There are some common issues that occur when using notebooks. This section outlines some of the frequently asked questions and best practices that you should follow.
Spark job fails with java.lang.NoClassDefFoundError
Sometimes you may come across an error like:
%scala java.lang.NoClassDefFoundError: Could not initialize class line.....$read$
This can occur with a Spark Scala 2.11 cluster and a Scala notebook, if you mix together a case class definition and Dataset/DataFrame operations in the same notebook cell, and later use the case class in a Spark job in a different cell. For example, in the first cell, say you define a case class MyClass and also created a Dataset.
%scala case class MyClass(value: Int) val dataset = spark.createDataset(Seq(1))
Then in a later cell, you create instances of MyClass inside a Spark job.
%scala dataset.map { i => MyClass(i) }.count()
Solution
Move the case class definition to a cell of its own.
%scala case class MyClass(value: Int) // no other code in this cell
%scala val dataset = spark.createDataset(Seq(1)) dataset.map { i => MyClass(i) }.count()

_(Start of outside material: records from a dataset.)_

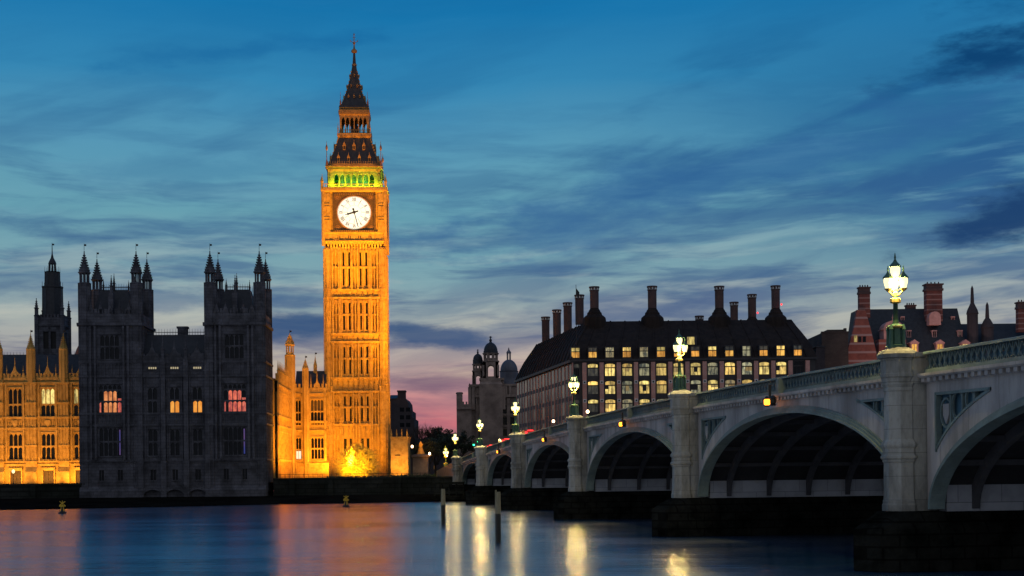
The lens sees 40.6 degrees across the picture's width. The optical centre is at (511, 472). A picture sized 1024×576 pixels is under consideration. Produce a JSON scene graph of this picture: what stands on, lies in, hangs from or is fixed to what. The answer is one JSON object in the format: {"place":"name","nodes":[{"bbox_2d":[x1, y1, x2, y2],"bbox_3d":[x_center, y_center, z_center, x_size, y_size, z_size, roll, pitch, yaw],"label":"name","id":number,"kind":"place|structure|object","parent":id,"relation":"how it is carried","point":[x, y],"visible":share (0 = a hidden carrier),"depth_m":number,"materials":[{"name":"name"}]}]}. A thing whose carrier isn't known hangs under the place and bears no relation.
{"place":"outdoors","nodes":[
{"label":"outdoors","id":0,"kind":"place"},
{"bbox_2d":[0,494,465,509],"bbox_3d":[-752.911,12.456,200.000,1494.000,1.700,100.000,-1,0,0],"label":"foreshore","id":1,"kind":"structure","parent":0,"point":[55,503],"depth_m":236.34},
{"bbox_2d":[0,483,84,498],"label":"river wall","id":2,"kind":"structure","parent":1,"relation":"on","point":[40,490],"depth_m":245.49,"materials":[{"name":"stone"}]},
{"bbox_2d":[273,476,452,495],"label":"river wall","id":3,"kind":"structure","parent":1,"relation":"on","point":[356,486],"depth_m":248.87,"materials":[{"name":"stone"}]},
{"bbox_2d":[432,482,465,499],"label":"landing stage","id":4,"kind":"object","parent":1,"relation":"on","point":[452,497],"visible":0.93,"depth_m":240.40,"materials":[{"name":"stone"}]},
{"bbox_2d":[410,434,419,453],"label":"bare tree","id":5,"kind":"object","parent":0,"point":[412,442],"visible":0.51,"depth_m":330.15,"materials":[{"name":"plant"}]},
{"bbox_2d":[0,491,1023,575],"bbox_3d":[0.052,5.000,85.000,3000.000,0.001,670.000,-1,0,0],"label":"river water","id":6,"kind":"structure","parent":0,"point":[392,539],"depth_m":94.69,"materials":[{"name":"blue liquid"}]},
{"bbox_2d":[58,501,66,513],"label":"river buoy","id":7,"kind":"object","parent":6,"relation":"on","point":[62,506],"visible":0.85,"depth_m":187.86,"materials":[{"name":"yellow paint"}]},
{"bbox_2d":[441,489,445,523],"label":"mooring pile","id":8,"kind":"object","parent":6,"relation":"in","point":[443,513],"visible":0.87,"depth_m":134.04,"materials":[{"name":"grey wood"}]},
{"bbox_2d":[495,490,500,542],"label":"mooring pile","id":9,"kind":"object","parent":6,"relation":"in","point":[497,517],"visible":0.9,"depth_m":97.86,"materials":[{"name":"grey wood"}]},
{"bbox_2d":[436,335,1023,572],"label":"road bridge","id":10,"kind":"structure","parent":6,"relation":"on","point":[900,459],"depth_m":98.23,"materials":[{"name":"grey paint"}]},
{"bbox_2d":[443,445,448,466],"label":"street lamp","id":11,"kind":"object","parent":10,"relation":"on","point":[445,456],"visible":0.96,"depth_m":278.71,"materials":[{"name":"green paint"}]},
{"bbox_2d":[452,432,457,455],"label":"street lamp","id":12,"kind":"object","parent":10,"relation":"on","point":[455,439],"visible":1,"depth_m":248.48,"materials":[{"name":"metal"}]},
{"bbox_2d":[476,417,483,445],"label":"street lamp","id":13,"kind":"object","parent":10,"relation":"on","point":[479,439],"visible":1,"depth_m":216.72,"materials":[{"name":"green paint"}]},
{"bbox_2d":[511,400,519,432],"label":"street lamp","id":14,"kind":"object","parent":10,"relation":"on","point":[515,426],"visible":1,"depth_m":181.96,"materials":[{"name":"green paint"}]},
{"bbox_2d":[568,371,579,414],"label":"street lamp","id":15,"kind":"object","parent":10,"relation":"on","point":[573,408],"visible":1,"depth_m":144.43,"materials":[{"name":"green paint"}]},
{"bbox_2d":[619,412,625,426],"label":"navigation lantern","id":16,"kind":"object","parent":10,"relation":"attached to","point":[622,422],"visible":1,"depth_m":124.99,"materials":[{"name":"black paint"}]},
{"bbox_2d":[673,331,687,390],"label":"street lamp","id":17,"kind":"object","parent":10,"relation":"on","point":[679,380],"visible":1,"depth_m":105.19,"materials":[{"name":"green paint"}]},
{"bbox_2d":[764,385,775,406],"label":"navigation lantern","id":18,"kind":"object","parent":10,"relation":"attached to","point":[768,402],"visible":1,"depth_m":86.58,"materials":[{"name":"black paint"}]},
{"bbox_2d":[882,254,908,348],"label":"street lamp","id":19,"kind":"object","parent":10,"relation":"on","point":[895,333],"visible":0.99,"depth_m":67.52,"materials":[{"name":"green paint"}]},
{"bbox_2d":[0,0,1023,436],"label":"sky","id":20,"kind":"structure","parent":0,"point":[535,153],"materials":[{"name":"blue"}]},
{"label":"ground","id":21,"kind":"structure","parent":0,"visible":0},
{"bbox_2d":[0,330,79,483],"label":"palace river wing","id":22,"kind":"structure","parent":21,"relation":"on","point":[39,417],"depth_m":257.89,"materials":[{"name":"beige stone"}]},
{"bbox_2d":[7,432,22,460],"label":"window","id":23,"kind":"structure","parent":22,"relation":"in","point":[15,438],"depth_m":258.06,"materials":[{"name":"glass"}]},
{"bbox_2d":[7,387,22,416],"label":"window","id":24,"kind":"structure","parent":22,"relation":"in","point":[14,393],"depth_m":258.12,"materials":[{"name":"glass"}]},
{"bbox_2d":[11,471,20,483],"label":"door","id":25,"kind":"structure","parent":22,"relation":"in","point":[17,473],"depth_m":258.06,"materials":[{"name":"brown wood"}]},
{"bbox_2d":[40,387,54,416],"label":"window","id":26,"kind":"structure","parent":22,"relation":"in","point":[47,393],"depth_m":258.44,"materials":[{"name":"glass"}]},
{"bbox_2d":[40,432,55,459],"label":"window","id":27,"kind":"structure","parent":22,"relation":"in","point":[48,438],"depth_m":258.44,"materials":[{"name":"glass"}]},
{"bbox_2d":[43,470,53,482],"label":"door","id":28,"kind":"structure","parent":22,"relation":"in","point":[48,475],"depth_m":258.44,"materials":[{"name":"brown wood"}]},
{"bbox_2d":[72,387,78,415],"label":"window","id":29,"kind":"structure","parent":22,"relation":"in","point":[76,389],"depth_m":258.75,"materials":[{"name":"glass"}]},
{"bbox_2d":[73,432,79,459],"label":"window","id":30,"kind":"structure","parent":22,"relation":"in","point":[76,434],"depth_m":258.75,"materials":[{"name":"glass"}]},
{"bbox_2d":[34,244,71,353],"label":"spired tower","id":31,"kind":"structure","parent":21,"relation":"on","point":[52,321],"depth_m":329.45,"materials":[{"name":"stone"}]},
{"bbox_2d":[76,244,273,497],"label":"palace pavilion","id":32,"kind":"structure","parent":21,"relation":"on","point":[182,413],"depth_m":247.68,"materials":[{"name":"stone"}]},
{"bbox_2d":[98,470,104,481],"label":"window","id":33,"kind":"structure","parent":32,"relation":"in","point":[101,472],"depth_m":247.02,"materials":[{"name":"glass"}]},
{"bbox_2d":[98,333,119,359],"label":"window","id":34,"kind":"structure","parent":32,"relation":"in","point":[109,344],"depth_m":247.02,"materials":[{"name":"glass"}]},
{"bbox_2d":[97,383,121,412],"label":"window","id":35,"kind":"structure","parent":32,"relation":"in","point":[110,401],"depth_m":247.02,"materials":[{"name":"glass"}]},
{"bbox_2d":[98,426,122,456],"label":"window","id":36,"kind":"structure","parent":32,"relation":"in","point":[110,439],"depth_m":247.02,"materials":[{"name":"glass"}]},
{"bbox_2d":[117,470,123,481],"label":"window","id":37,"kind":"structure","parent":32,"relation":"in","point":[120,472],"depth_m":247.20,"materials":[{"name":"glass"}]},
{"bbox_2d":[146,386,157,412],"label":"window","id":38,"kind":"structure","parent":32,"relation":"in","point":[152,390],"depth_m":247.87,"materials":[{"name":"glass"}]},
{"bbox_2d":[147,428,158,456],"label":"window","id":39,"kind":"structure","parent":32,"relation":"in","point":[152,432],"depth_m":247.81,"materials":[{"name":"glass"}]},
{"bbox_2d":[150,470,156,480],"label":"window","id":40,"kind":"structure","parent":32,"relation":"in","point":[153,472],"depth_m":247.87,"materials":[{"name":"glass"}]},
{"bbox_2d":[168,386,179,412],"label":"window","id":41,"kind":"structure","parent":32,"relation":"in","point":[174,390],"depth_m":248.05,"materials":[{"name":"glass"}]},
{"bbox_2d":[169,428,180,456],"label":"window","id":42,"kind":"structure","parent":32,"relation":"in","point":[174,432],"depth_m":248.05,"materials":[{"name":"glass"}]},
{"bbox_2d":[172,469,178,480],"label":"window","id":43,"kind":"structure","parent":32,"relation":"in","point":[175,471],"depth_m":248.05,"materials":[{"name":"glass"}]},
{"bbox_2d":[191,386,202,411],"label":"window","id":44,"kind":"structure","parent":32,"relation":"in","point":[197,390],"depth_m":248.29,"materials":[{"name":"glass"}]},
{"bbox_2d":[192,427,203,455],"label":"window","id":45,"kind":"structure","parent":32,"relation":"in","point":[197,433],"depth_m":248.29,"materials":[{"name":"glass"}]},
{"bbox_2d":[195,469,201,480],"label":"window","id":46,"kind":"structure","parent":32,"relation":"in","point":[197,471],"depth_m":248.29,"materials":[{"name":"glass"}]},
{"bbox_2d":[223,469,229,480],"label":"window","id":47,"kind":"structure","parent":32,"relation":"in","point":[226,471],"depth_m":248.23,"materials":[{"name":"glass"}]},
{"bbox_2d":[223,333,244,359],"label":"window","id":48,"kind":"structure","parent":32,"relation":"in","point":[234,342],"depth_m":248.29,"materials":[{"name":"glass"}]},
{"bbox_2d":[222,382,246,411],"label":"window","id":49,"kind":"structure","parent":32,"relation":"in","point":[234,394],"depth_m":248.26,"materials":[{"name":"glass"}]},
{"bbox_2d":[223,425,246,455],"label":"window","id":50,"kind":"structure","parent":32,"relation":"in","point":[235,442],"depth_m":248.29,"materials":[{"name":"glass"}]},
{"bbox_2d":[242,469,247,479],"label":"window","id":51,"kind":"structure","parent":32,"relation":"in","point":[244,471],"depth_m":248.41,"materials":[{"name":"glass"}]},
{"bbox_2d":[273,331,328,477],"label":"palace court wing","id":52,"kind":"structure","parent":21,"relation":"on","point":[300,422],"depth_m":289.51,"materials":[{"name":"beige stone"}]},
{"bbox_2d":[296,399,300,425],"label":"window","id":53,"kind":"structure","parent":52,"relation":"in","point":[298,401],"depth_m":290.35,"materials":[{"name":"glass"}]},
{"bbox_2d":[296,437,301,459],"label":"window","id":54,"kind":"structure","parent":52,"relation":"in","point":[298,440],"depth_m":290.35,"materials":[{"name":"glass"}]},
{"bbox_2d":[310,398,323,425],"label":"window","id":55,"kind":"structure","parent":52,"relation":"in","point":[317,405],"depth_m":290.57,"materials":[{"name":"glass"}]},
{"bbox_2d":[311,436,323,459],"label":"window","id":56,"kind":"structure","parent":52,"relation":"in","point":[317,442],"depth_m":290.57,"materials":[{"name":"glass"}]},
{"bbox_2d":[276,472,430,477],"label":"railing","id":57,"kind":"object","parent":21,"relation":"on","point":[350,474],"visible":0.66,"depth_m":251.57,"materials":[{"name":"black metal"}]},
{"bbox_2d":[320,34,390,476],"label":"clock tower","id":58,"kind":"structure","parent":21,"relation":"on","point":[355,221],"depth_m":294.81,"materials":[{"name":"stone"}]},
{"bbox_2d":[332,441,382,476],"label":"bare shrub","id":59,"kind":"object","parent":21,"relation":"on","point":[359,460],"visible":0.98,"depth_m":270.82,"materials":[{"name":"yellow plant"}]},
{"bbox_2d":[390,429,410,475],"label":"lodge","id":60,"kind":"structure","parent":21,"relation":"on","point":[400,454],"depth_m":287.00,"materials":[{"name":"stone"}]},
{"bbox_2d":[390,390,418,473],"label":"dark stepped building","id":61,"kind":"structure","parent":21,"relation":"on","point":[403,416],"depth_m":400.00,"materials":[{"name":"stone"}]},
{"bbox_2d":[391,473,435,476],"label":"hedge","id":62,"kind":"object","parent":21,"relation":"on","point":[412,475],"visible":0.4,"depth_m":255.50,"materials":[{"name":"green plant"}]},
{"bbox_2d":[411,441,429,474],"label":"stone monument","id":63,"kind":"object","parent":21,"relation":"on","point":[421,461],"visible":0.84,"depth_m":294.40,"materials":[{"name":"stone"}]},
{"bbox_2d":[403,422,438,446],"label":"bare tree","id":64,"kind":"object","parent":21,"relation":"on","point":[420,434],"visible":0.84,"depth_m":343.64,"materials":[{"name":"plant"}]},
{"bbox_2d":[410,439,443,463],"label":"evergreen tree","id":65,"kind":"object","parent":21,"relation":"on","point":[430,447],"visible":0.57,"depth_m":309.06,"materials":[{"name":"green plant"}]},
{"bbox_2d":[419,438,444,473],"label":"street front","id":66,"kind":"structure","parent":21,"relation":"on","point":[439,465],"depth_m":470.00,"materials":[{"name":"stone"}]},
{"bbox_2d":[416,433,452,475],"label":"evergreen tree","id":67,"kind":"object","parent":21,"relation":"on","point":[436,462],"visible":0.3,"depth_m":334.74,"materials":[{"name":"green plant"}]},
{"bbox_2d":[429,426,470,462],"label":"evergreen tree","id":68,"kind":"object","parent":21,"relation":"on","point":[438,430],"visible":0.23,"depth_m":349.35,"materials":[{"name":"green plant"}]},
{"bbox_2d":[439,430,474,456],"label":"evergreen tree","id":69,"kind":"object","parent":21,"relation":"on","point":[463,446],"visible":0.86,"depth_m":327.32,"materials":[{"name":"green plant"}]},
{"bbox_2d":[456,336,517,455],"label":"domed building","id":70,"kind":"structure","parent":21,"relation":"on","point":[491,399],"depth_m":428.80,"materials":[{"name":"stone"}]},
{"bbox_2d":[514,285,817,431],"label":"office building","id":71,"kind":"structure","parent":21,"relation":"on","point":[614,365],"depth_m":285.40,"materials":[{"name":"black brick"}]},
{"bbox_2d":[525,380,526,429],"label":"side window","id":72,"kind":"structure","parent":71,"relation":"in","point":[526,380],"depth_m":331.68,"materials":[{"name":"grey"}]},
{"bbox_2d":[528,379,529,429],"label":"side window","id":73,"kind":"structure","parent":71,"relation":"in","point":[528,379],"depth_m":328.61,"materials":[{"name":"grey glass"}]},
{"bbox_2d":[531,378,532,429],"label":"side window","id":74,"kind":"structure","parent":71,"relation":"in","point":[531,378],"depth_m":325.06,"materials":[{"name":"grey glass"}]},
{"bbox_2d":[533,377,535,429],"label":"side window","id":75,"kind":"structure","parent":71,"relation":"in","point":[534,377],"depth_m":321.59,"materials":[{"name":"grey"}]},
{"bbox_2d":[536,376,538,429],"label":"side window","id":76,"kind":"structure","parent":71,"relation":"in","point":[537,376],"depth_m":318.11,"materials":[{"name":"grey glass"}]},
{"bbox_2d":[539,375,541,428],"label":"side window","id":77,"kind":"structure","parent":71,"relation":"in","point":[539,375],"depth_m":314.72,"materials":[{"name":"grey glass"}]},
{"bbox_2d":[542,374,544,427],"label":"side window","id":78,"kind":"structure","parent":71,"relation":"in","point":[542,374],"depth_m":311.24,"materials":[{"name":"grey"}]},
{"bbox_2d":[545,373,547,427],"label":"side window","id":79,"kind":"structure","parent":71,"relation":"in","point":[545,373],"depth_m":307.88,"materials":[{"name":"grey glass"}]},
{"bbox_2d":[549,372,550,426],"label":"side window","id":80,"kind":"structure","parent":71,"relation":"in","point":[549,372],"depth_m":304.44,"materials":[{"name":"grey glass"}]},
{"bbox_2d":[552,370,553,424],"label":"side window","id":81,"kind":"structure","parent":71,"relation":"in","point":[553,370],"depth_m":301.22,"materials":[{"name":"grey"}]},
{"bbox_2d":[555,369,557,424],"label":"side window","id":82,"kind":"structure","parent":71,"relation":"in","point":[556,369],"depth_m":297.46,"materials":[{"name":"grey glass"}]},
{"bbox_2d":[559,368,560,423],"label":"side window","id":83,"kind":"structure","parent":71,"relation":"in","point":[559,368],"depth_m":293.63,"materials":[{"name":"grey glass"}]},
{"bbox_2d":[562,367,564,422],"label":"side window","id":84,"kind":"structure","parent":71,"relation":"in","point":[563,411],"depth_m":290.60,"materials":[{"name":"grey glass"}]},
{"bbox_2d":[566,365,567,421],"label":"side window","id":85,"kind":"structure","parent":71,"relation":"in","point":[567,365],"depth_m":287.25,"materials":[{"name":"grey glass"}]},
{"bbox_2d":[574,364,578,375],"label":"window","id":86,"kind":"structure","parent":71,"relation":"in","point":[576,366],"depth_m":282.38,"materials":[{"name":"glass"}]},
{"bbox_2d":[588,364,597,375],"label":"window","id":87,"kind":"structure","parent":71,"relation":"in","point":[592,368],"depth_m":282.38,"materials":[{"name":"grey glass"}]},
{"bbox_2d":[588,381,597,393],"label":"window","id":88,"kind":"structure","parent":71,"relation":"in","point":[592,385],"depth_m":282.38,"materials":[{"name":"glass"}]},
{"bbox_2d":[588,399,597,411],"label":"window","id":89,"kind":"structure","parent":71,"relation":"in","point":[592,403],"depth_m":282.38,"materials":[{"name":"glass"}]},
{"bbox_2d":[605,363,614,375],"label":"window","id":90,"kind":"structure","parent":71,"relation":"in","point":[609,367],"depth_m":282.38,"materials":[{"name":"yellow glass"}]},
{"bbox_2d":[605,381,614,393],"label":"window","id":91,"kind":"structure","parent":71,"relation":"in","point":[609,385],"depth_m":282.38,"materials":[{"name":"yellow glass"}]},
{"bbox_2d":[605,399,615,411],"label":"window","id":92,"kind":"structure","parent":71,"relation":"in","point":[609,403],"depth_m":282.38,"materials":[{"name":"yellow glass"}]},
{"bbox_2d":[622,363,631,375],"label":"window","id":93,"kind":"structure","parent":71,"relation":"in","point":[626,367],"depth_m":282.38,"materials":[{"name":"yellow glass"}]},
{"bbox_2d":[622,381,632,393],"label":"window","id":94,"kind":"structure","parent":71,"relation":"in","point":[626,385],"depth_m":282.38,"materials":[{"name":"grey glass"}]},
{"bbox_2d":[622,399,632,407],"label":"window","id":95,"kind":"structure","parent":71,"relation":"in","point":[626,403],"depth_m":282.38,"materials":[{"name":"grey glass"}]},
{"bbox_2d":[639,363,648,375],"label":"window","id":96,"kind":"structure","parent":71,"relation":"in","point":[643,367],"depth_m":282.38,"materials":[{"name":"grey glass"}]},
{"bbox_2d":[639,380,649,393],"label":"window","id":97,"kind":"structure","parent":71,"relation":"in","point":[644,385],"depth_m":282.32,"materials":[{"name":"yellow glass"}]},
{"bbox_2d":[656,363,666,375],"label":"window","id":98,"kind":"structure","parent":71,"relation":"in","point":[661,368],"depth_m":282.38,"materials":[{"name":"yellow glass"}]},
{"bbox_2d":[656,380,666,393],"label":"window","id":99,"kind":"structure","parent":71,"relation":"in","point":[661,384],"depth_m":282.38,"materials":[{"name":"yellow glass"}]},
{"bbox_2d":[673,363,683,374],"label":"window","id":100,"kind":"structure","parent":71,"relation":"in","point":[675,365],"depth_m":282.38,"materials":[{"name":"yellow glass"}]},
{"bbox_2d":[691,362,700,374],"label":"window","id":101,"kind":"structure","parent":71,"relation":"in","point":[695,367],"depth_m":282.38,"materials":[{"name":"yellow glass"}]},
{"bbox_2d":[691,380,700,392],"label":"window","id":102,"kind":"structure","parent":71,"relation":"in","point":[695,384],"depth_m":282.38,"materials":[{"name":"grey glass"}]},
{"bbox_2d":[708,362,717,374],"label":"window","id":103,"kind":"structure","parent":71,"relation":"in","point":[712,366],"depth_m":282.38,"materials":[{"name":"grey glass"}]},
{"bbox_2d":[708,380,717,389],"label":"window","id":104,"kind":"structure","parent":71,"relation":"in","point":[712,384],"depth_m":282.38,"materials":[{"name":"yellow glass"}]},
{"bbox_2d":[725,362,734,374],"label":"window","id":105,"kind":"structure","parent":71,"relation":"in","point":[729,366],"depth_m":282.38,"materials":[{"name":"yellow glass"}]},
{"bbox_2d":[725,380,734,386],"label":"window","id":106,"kind":"structure","parent":71,"relation":"in","point":[728,383],"depth_m":282.38,"materials":[{"name":"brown glass"}]},
{"bbox_2d":[742,362,751,374],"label":"window","id":107,"kind":"structure","parent":71,"relation":"in","point":[746,366],"depth_m":282.38,"materials":[{"name":"glass"}]},
{"bbox_2d":[759,362,768,374],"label":"window","id":108,"kind":"structure","parent":71,"relation":"in","point":[763,366],"depth_m":282.38,"materials":[{"name":"yellow glass"}]},
{"bbox_2d":[776,362,786,373],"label":"window","id":109,"kind":"structure","parent":71,"relation":"in","point":[780,366],"depth_m":282.38,"materials":[{"name":"yellow glass"}]},
{"bbox_2d":[794,361,803,373],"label":"window","id":110,"kind":"structure","parent":71,"relation":"in","point":[798,365],"depth_m":282.38,"materials":[{"name":"black glass"}]},
{"bbox_2d":[812,342,825,369],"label":"stair block","id":111,"kind":"structure","parent":21,"relation":"on","point":[819,351],"depth_m":296.00,"materials":[{"name":"stone"}]},
{"bbox_2d":[807,328,848,368],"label":"flat roofed block","id":112,"kind":"structure","parent":21,"relation":"on","point":[835,342],"depth_m":300.00,"materials":[{"name":"brown brick"}]},
{"bbox_2d":[848,282,1023,363],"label":"banded brick building","id":113,"kind":"structure","parent":21,"relation":"on","point":[933,324],"depth_m":308.18,"materials":[{"name":"red brick"}]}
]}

Spark job fails with java.lang.UnsupportedOperationException
Sometimes you may come across an error like:
java.lang.UnsupportedOperationException: Accumulator must be registered before send to executor
This can occur with a Spark Scala 2.10 cluster and a Scala notebook. The reason and solution for this error are same as the prior Spark job fails with java.lang.NoClassDefFoundError.